This Review contains spoilers.
“All I know is that God lost me somewhere along the way, and didn’t bother to go back and look”
Series: Joona Linna
Published: 2017, by HarperCollins.
Genre: Thriller, Mystery, Crime, Fiction
Contains: Strong Language, Violence, Death, Anger, Sexual Content, Drugs/Alcohol, Abuse
‘Stalker’ follows a murder case where the killer sends Stockholm’s National Crime Investigation Department a video of their next victim minutes before they strike. Investigators, Margot and Adam, have no leads, meaning they rely the smallest clues available in attempt to find the killer before they receive the next video.
I will admit, I’m not an avid crime reader. In all honesty, this is the first I’ve read for a long time, so this review may comment on some crime conventions that I’m not aware are part of the genre. Also, this book is the fifth instalment of a series that I haven’t had the chance to read; however, personally I don’t think it impacted the story as a whole.

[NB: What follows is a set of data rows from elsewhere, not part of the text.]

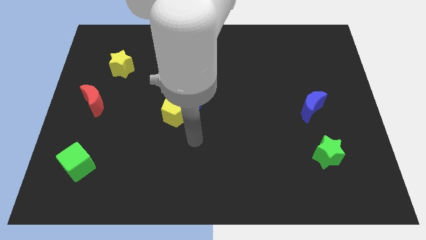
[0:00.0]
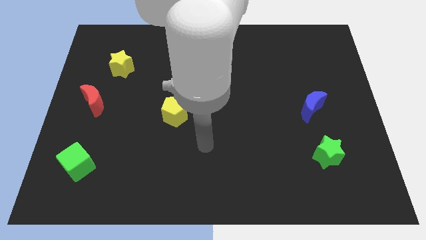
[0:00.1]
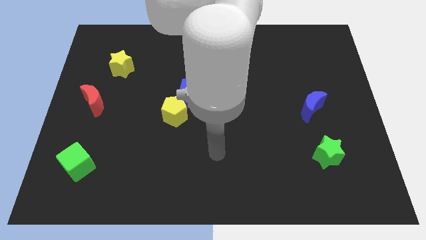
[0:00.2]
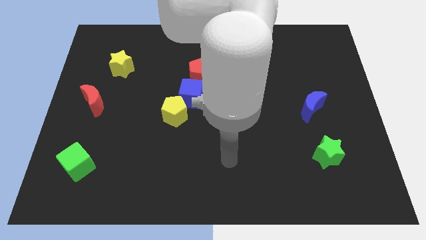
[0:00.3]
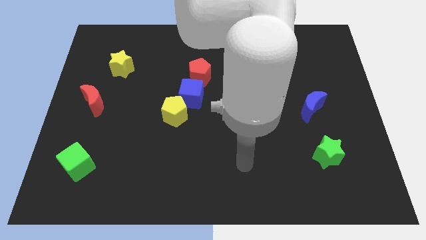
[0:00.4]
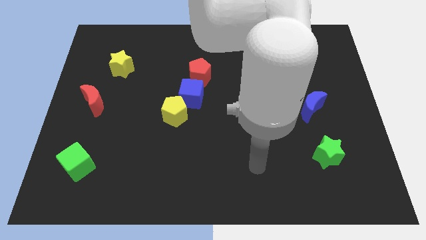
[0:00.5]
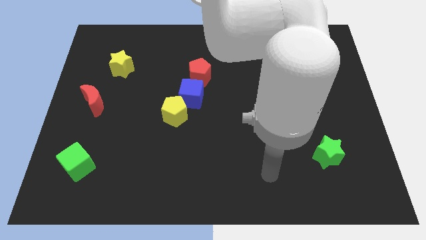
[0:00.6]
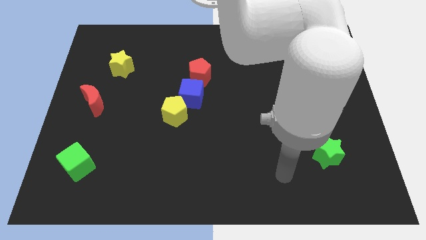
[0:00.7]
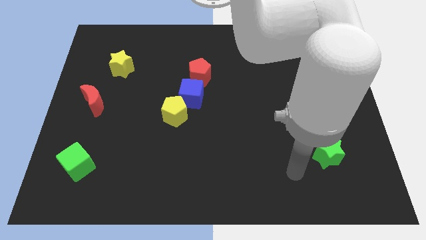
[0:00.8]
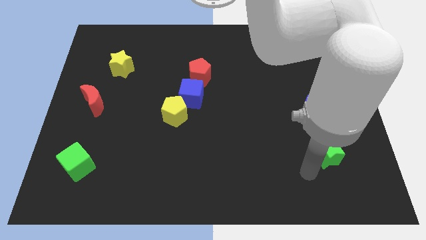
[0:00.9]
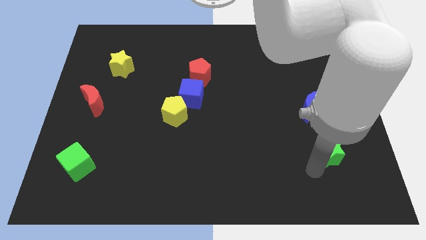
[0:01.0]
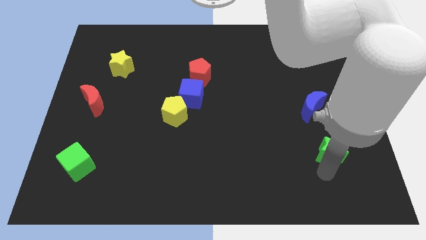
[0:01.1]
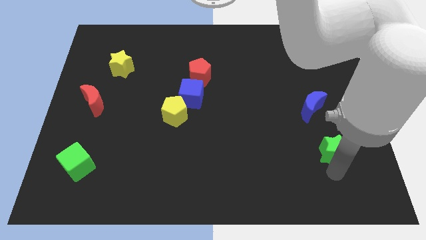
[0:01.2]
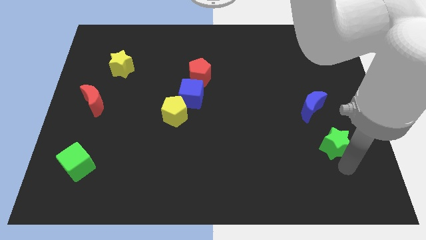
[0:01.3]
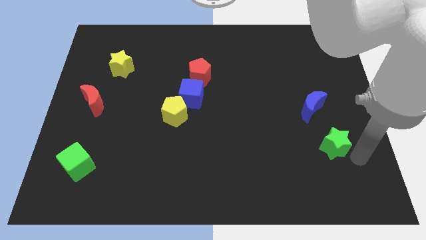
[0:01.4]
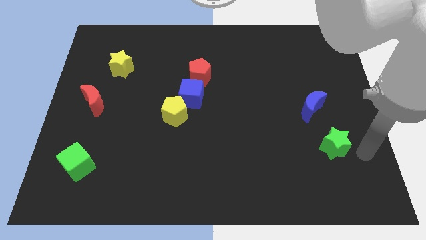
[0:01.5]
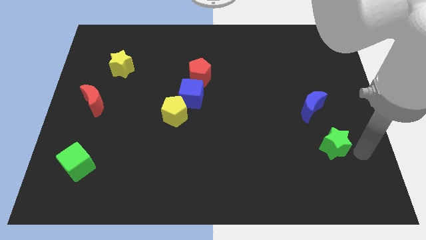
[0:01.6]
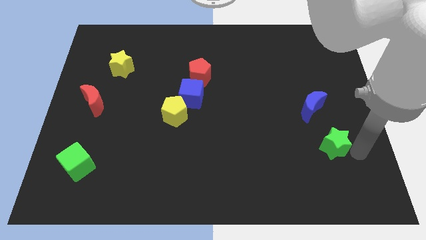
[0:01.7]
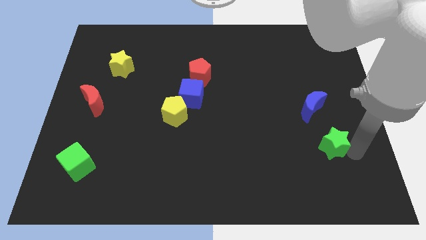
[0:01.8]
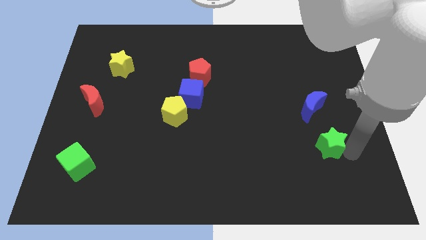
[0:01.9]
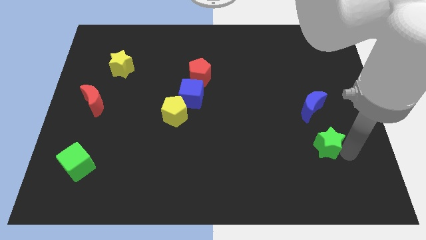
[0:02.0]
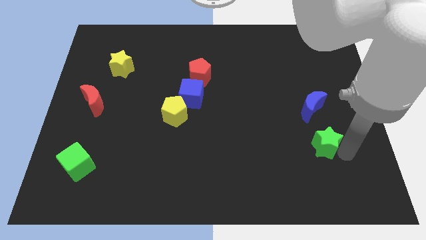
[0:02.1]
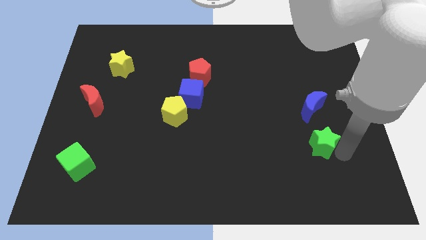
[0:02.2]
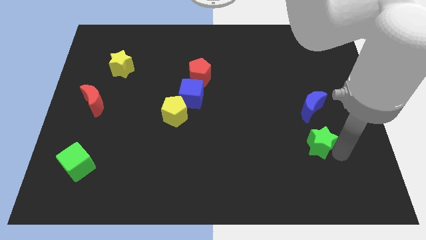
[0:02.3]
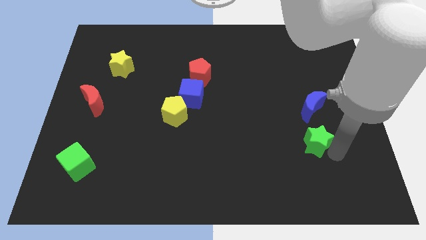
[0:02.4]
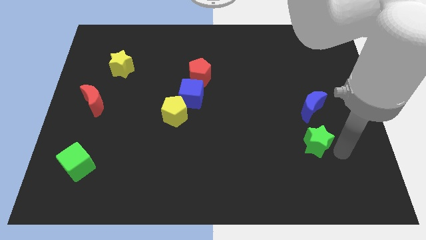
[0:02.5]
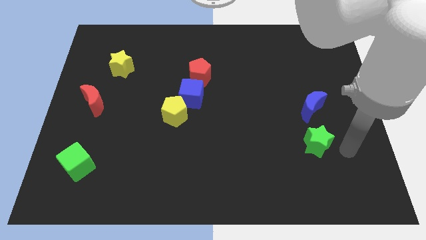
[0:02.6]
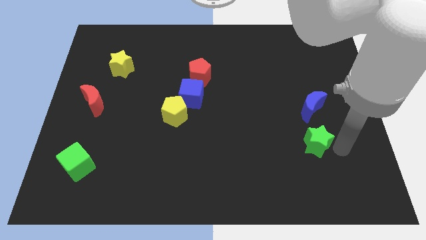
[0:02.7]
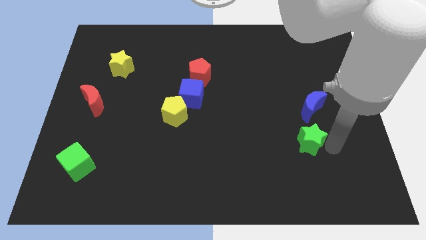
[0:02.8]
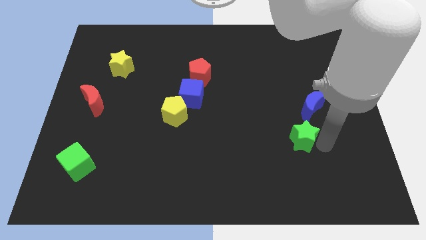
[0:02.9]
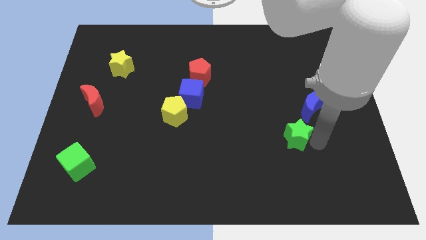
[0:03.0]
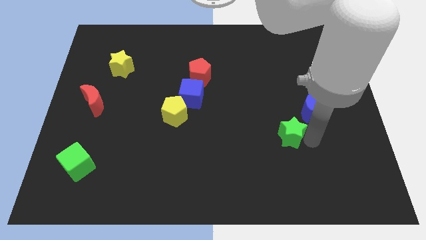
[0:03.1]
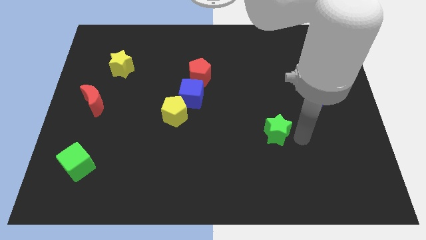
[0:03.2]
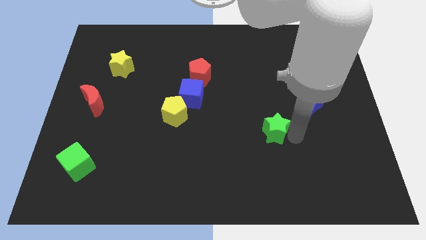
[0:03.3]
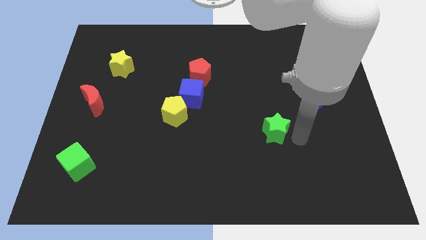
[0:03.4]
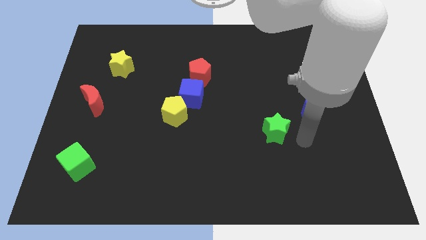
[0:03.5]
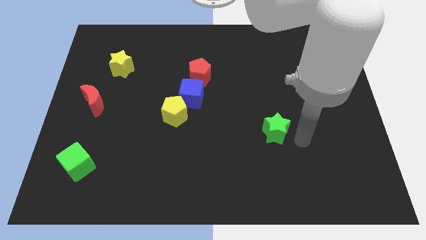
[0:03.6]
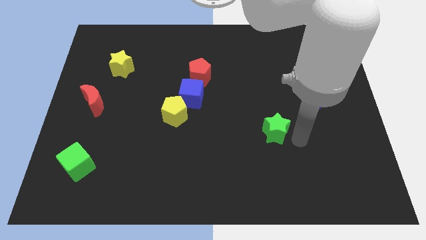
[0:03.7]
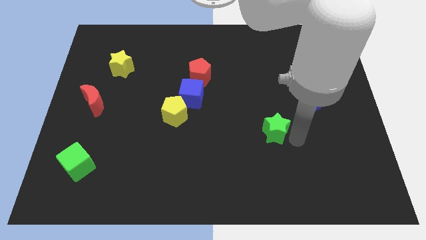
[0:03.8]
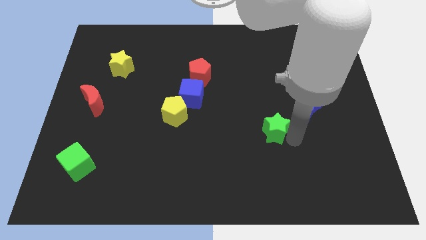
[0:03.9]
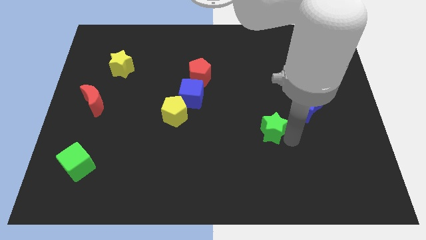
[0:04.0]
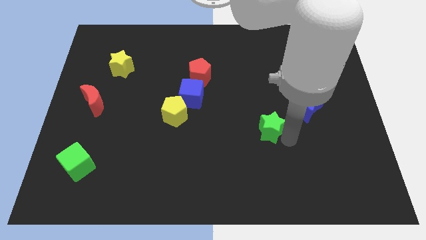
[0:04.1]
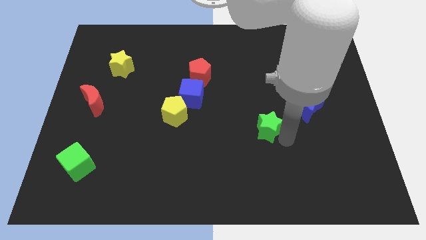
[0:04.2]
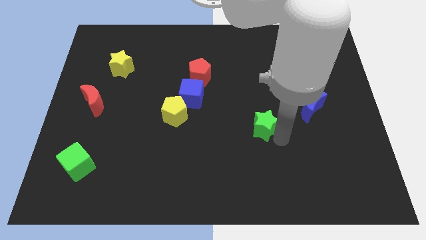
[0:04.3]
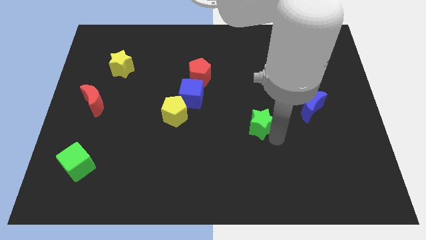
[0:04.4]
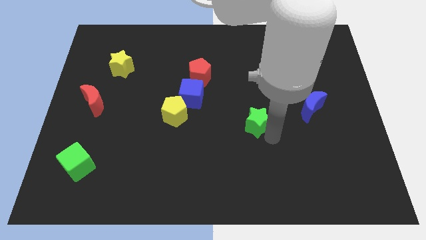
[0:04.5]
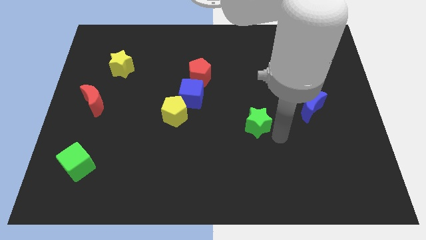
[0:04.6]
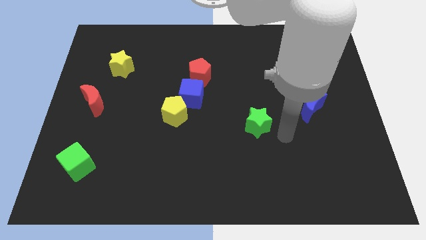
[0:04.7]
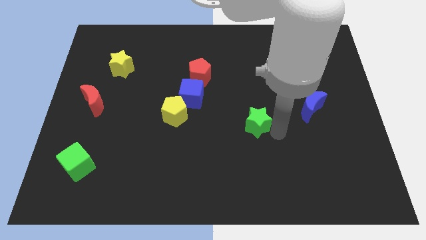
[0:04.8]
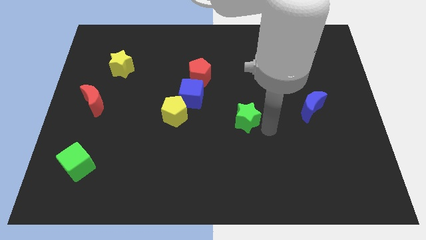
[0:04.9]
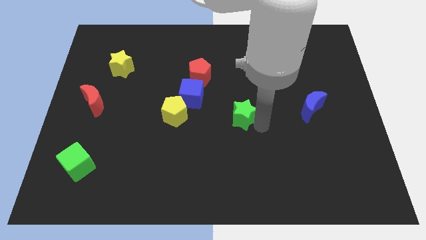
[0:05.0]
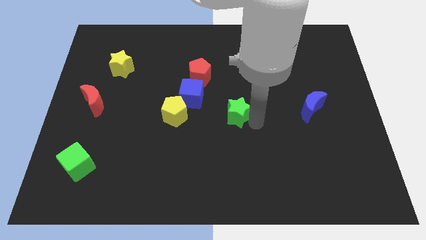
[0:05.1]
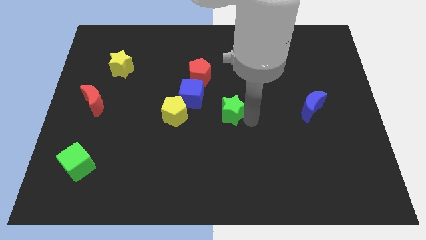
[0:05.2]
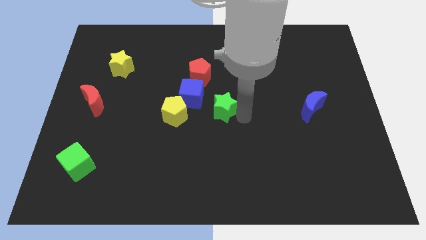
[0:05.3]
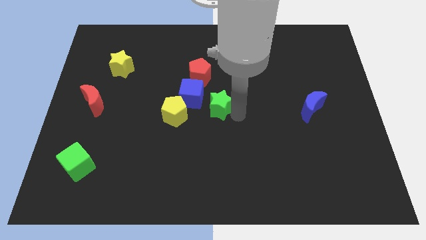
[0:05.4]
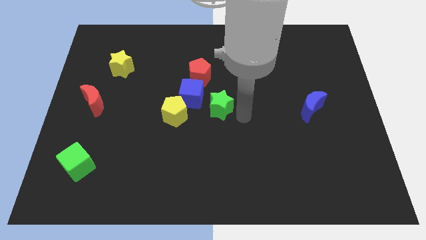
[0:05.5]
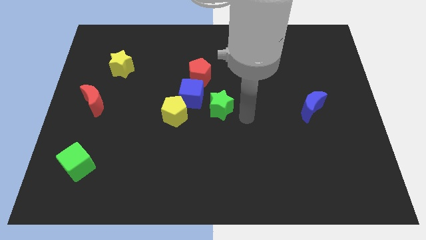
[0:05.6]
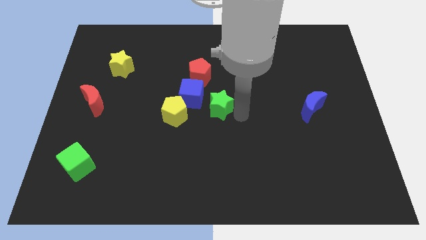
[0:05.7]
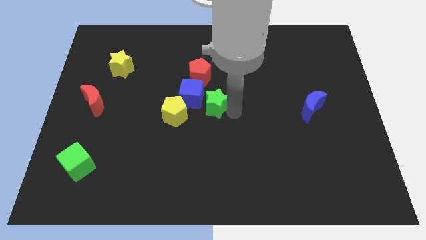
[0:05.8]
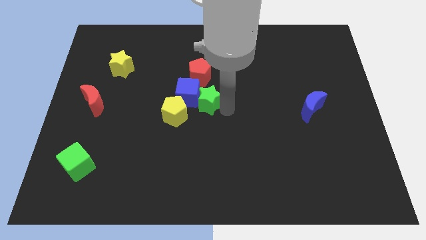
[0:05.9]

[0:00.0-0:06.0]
move the green star close to the blue cube

Overall, I really enjoyed the story as a whole. The idea of a serial killer filming victims before their deaths was incredibly unsettling, yet cripping to read. I adored the concept, and found myself losing myself in the story fairly quickly. The short chapters were a blessing also, assisting my enjoyment as I found myself able to read in all environments. (I hate reading long-chaptered novels on public transport, so thanks, Kepler!) However, the amount of unnecessary chapters largely impacted my enjoyment of this book. For a book with 140 chapters, I found around 40-50 pointless. The amount of sub-plots, background characters and relationship drama filled so much space, and the book could have been a more intense pace if those chapters were cut. Also, sometimes the chapters cut themselves halfway through a situation then continued at the beginning of the next – what’s with that?
Adam’s character was a personal favourite, loving his dialogue and personality throughout the book. His kindhearted, yet strong personality helped move the story forward until his trauma towards the end of the novel. This progression was fun to read, and the impact it had on his character and loved ones was the moment I began to connect to the story more.
However, the thing that hindered my enjoyment the most about this novel was the language. Although, this may have simply been an issue regarding the translation, the language was extremely simple throughout the novel. This meant that descriptions were limited, and as someone who likes knowing the gory details – especially with crime – it led to incredibly underwhelming violence. The character’s attire were described in detail, yet everything else about the story was hardly spoke of. Plus, the unnecessary sex scenes were somewhat cringe-worthy with the lack of description; they were practically over in half a page.
Overall, for my first crime in a while this was a mostly enjoyable read. However, I will admit that it might have assisted my reading more if I had a familiarity with the characters, yet I mostly cared for the case anyway. (The book wasn’t advertised as part of a series, which makes me wonder whether it should be? There seems to have been multiple readers in a similar situation.)